Problem:
In the entries that follow, how many lines contain "aligned"? Answer with the number only.
BEGIN Given records
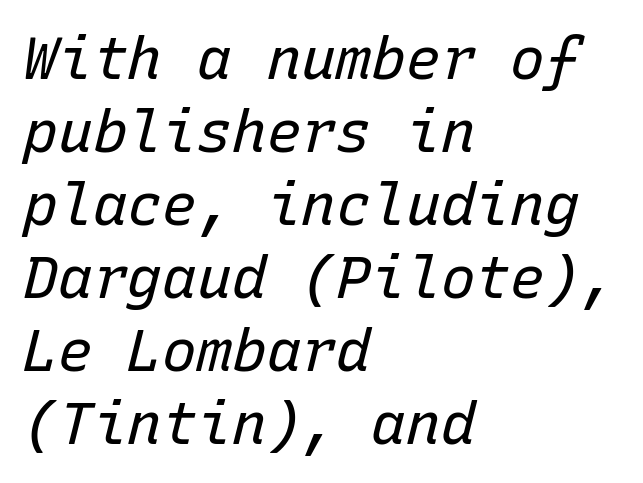
The image shows 58 px regular-weight type, italic (leaning right), monospaced; set left-aligned, normal line spacing (1.26x), normal letter spacing, not underlined; low stroke contrast and a medium x-height.
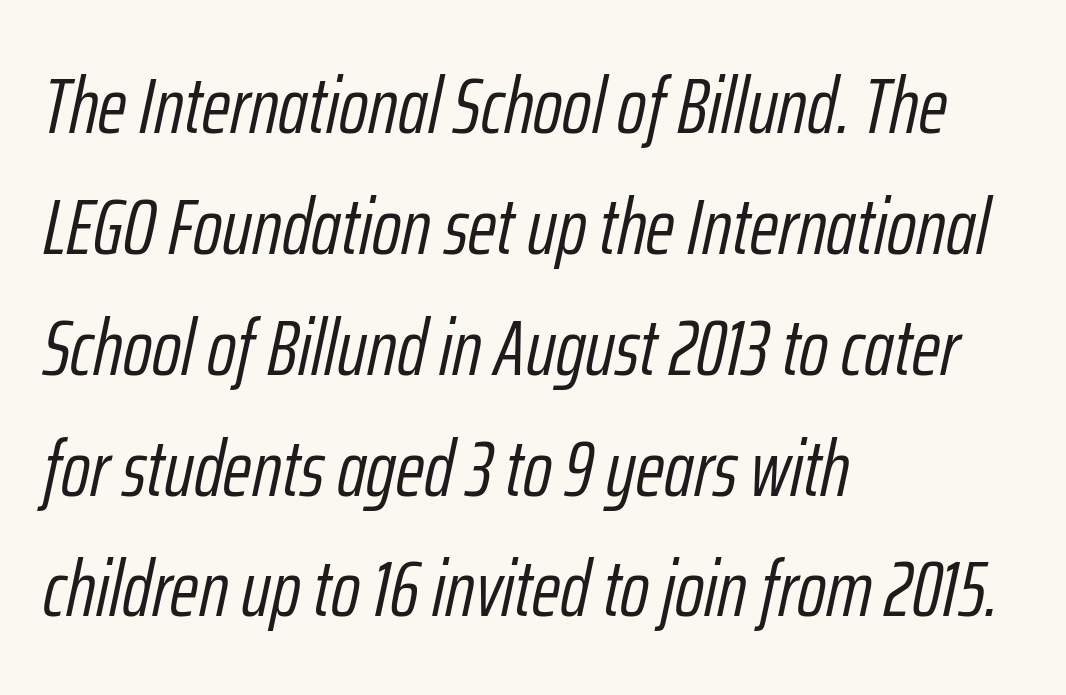
{"italic": "yes", "lean": "right", "slant_degrees": 12, "bold": "no", "weight": "light", "width": "condensed", "stroke_contrast": "low", "x_height": "medium", "monospaced": "no", "underline": "no", "align": "left", "line_spacing": "normal", "line_spacing_ratio": 1.53, "letter_spacing": "normal", "letter_spacing_em": 0.0, "glyph_px": 79}
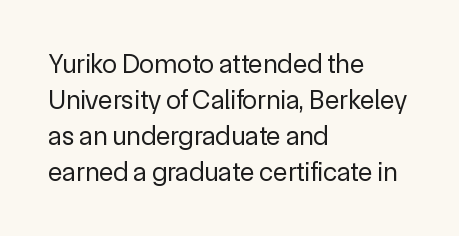
Q: Is the text bold? A: No.
Q: Is the text italic (slanted)? A: No, it is upright.
Q: Is the text underlined? A: No.
Q: How is the paragraph aligned? A: Left-aligned.
Q: Is the spacing between letters normal or unusually wide? A: Normal.
Q: Is the spacing between lines tight, normal or loose? A: Normal.
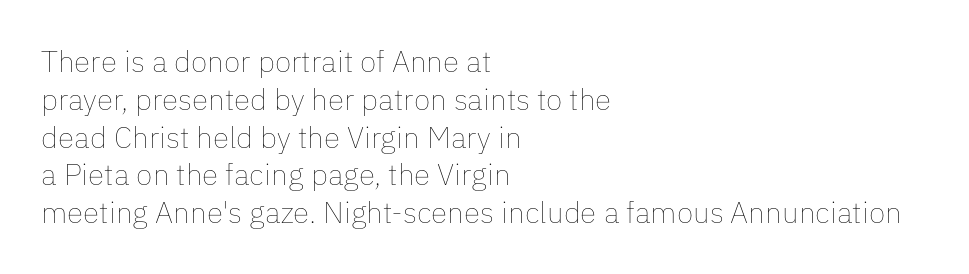
The baseline area is clear. Stroke mass is kept to a normal reading level or below. Unlike italic type, these characters show no tilt at all. Compared with typical paragraphs, the rows here are spaced about the same. This sample is left-justified, so line endings fall wherever the words run out.
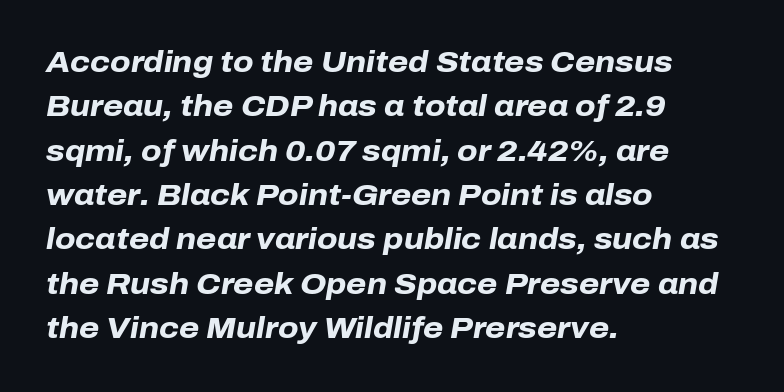
The lines sit at an ordinary, default distance from one another. Is this a fixed-width face? No — the glyphs have proportional, varying widths. The typesetting leans heavy: a genuine bold. A typesetter would call this zero additional tracking. Rendered with sloped, italic letterforms.
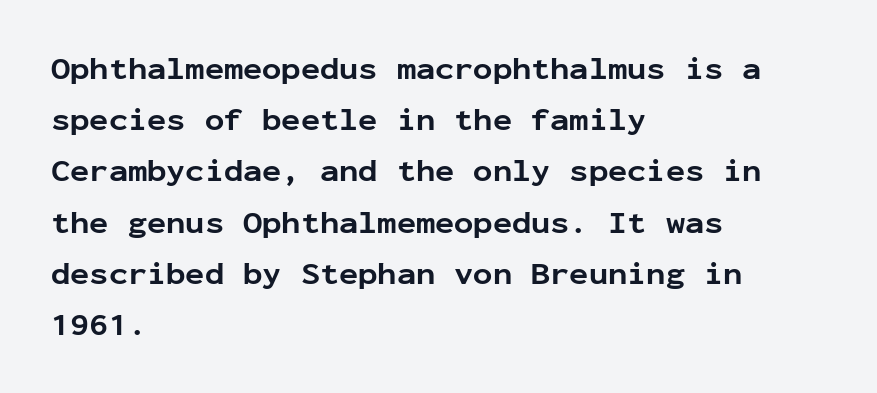
Q: Is the text bold? A: Yes.
Q: Is the text italic (slanted)? A: No, it is upright.
Q: Is the typeface a serif or a sans-serif typeface? A: Sans-serif.
Q: Is the text underlined? A: No.
Q: How is the paragraph aligned? A: Left-aligned.
Q: Is the spacing between letters normal or unusually wide? A: Normal.
Q: Is the spacing between lines tight, normal or loose? A: Normal.
Q: Width (condensed, normal, or wide)? A: Normal.
Q: Stroke contrast? A: Low.
Q: x-height? A: Medium.
Q: Monospaced? A: Yes.
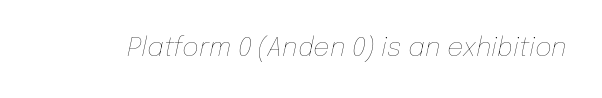
{"italic": "yes", "lean": "right", "slant_degrees": 12, "bold": "no", "underline": "no", "letter_spacing": "normal", "letter_spacing_em": 0.0, "glyph_px": 26}
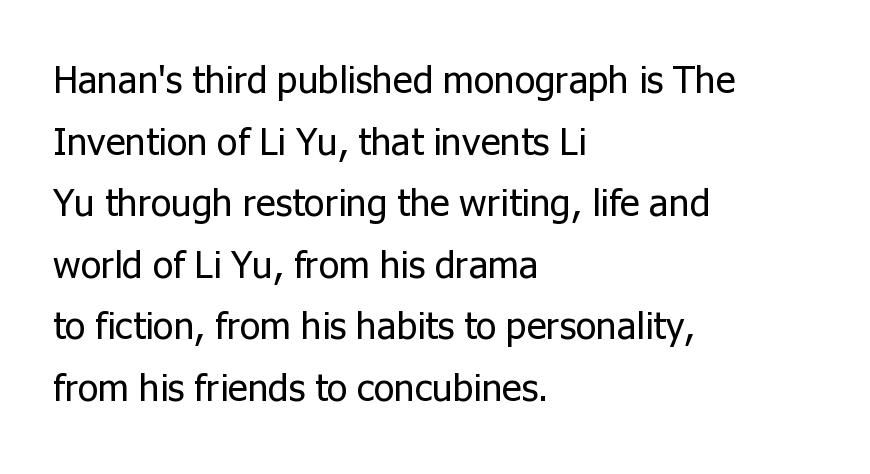
The font's upright variant was chosen for this text. Evenly set lines give the paragraph a standard silhouette. Caption: face not bold, strokes unweighted. The gap between lines stays unmarked.
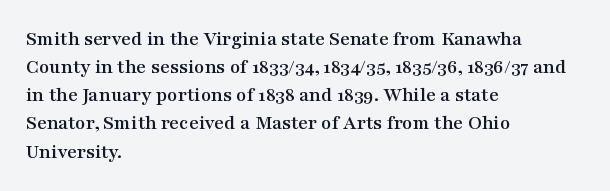
{"italic": "no", "underline": "no", "align": "left", "line_spacing": "normal", "line_spacing_ratio": 1.34, "letter_spacing": "normal", "letter_spacing_em": 0.0, "glyph_px": 21}
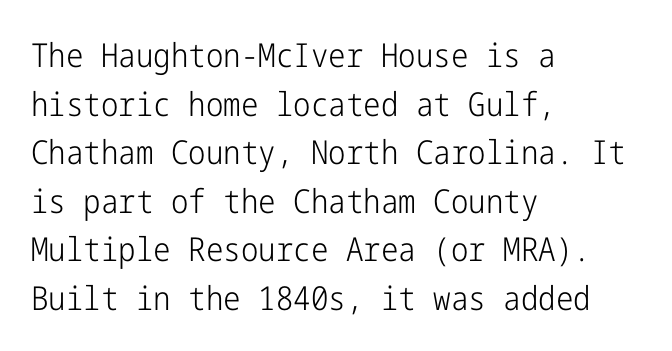
The image shows 33 px light, condensed sans-serif type, upright; set left-aligned, normal line spacing (1.47x), normal letter spacing, not underlined; low stroke contrast and a medium x-height.
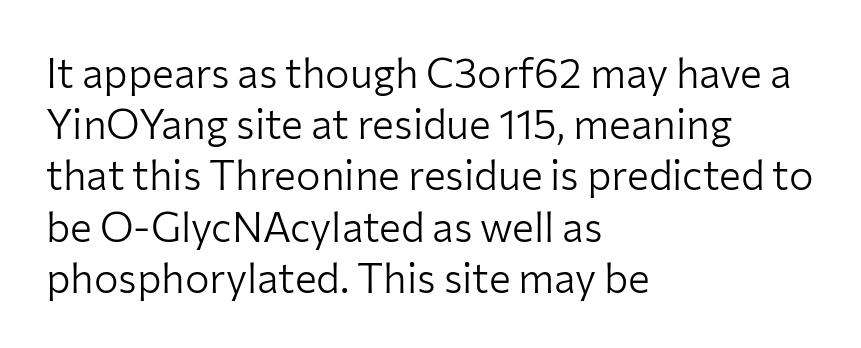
END Given records
Task solution:
4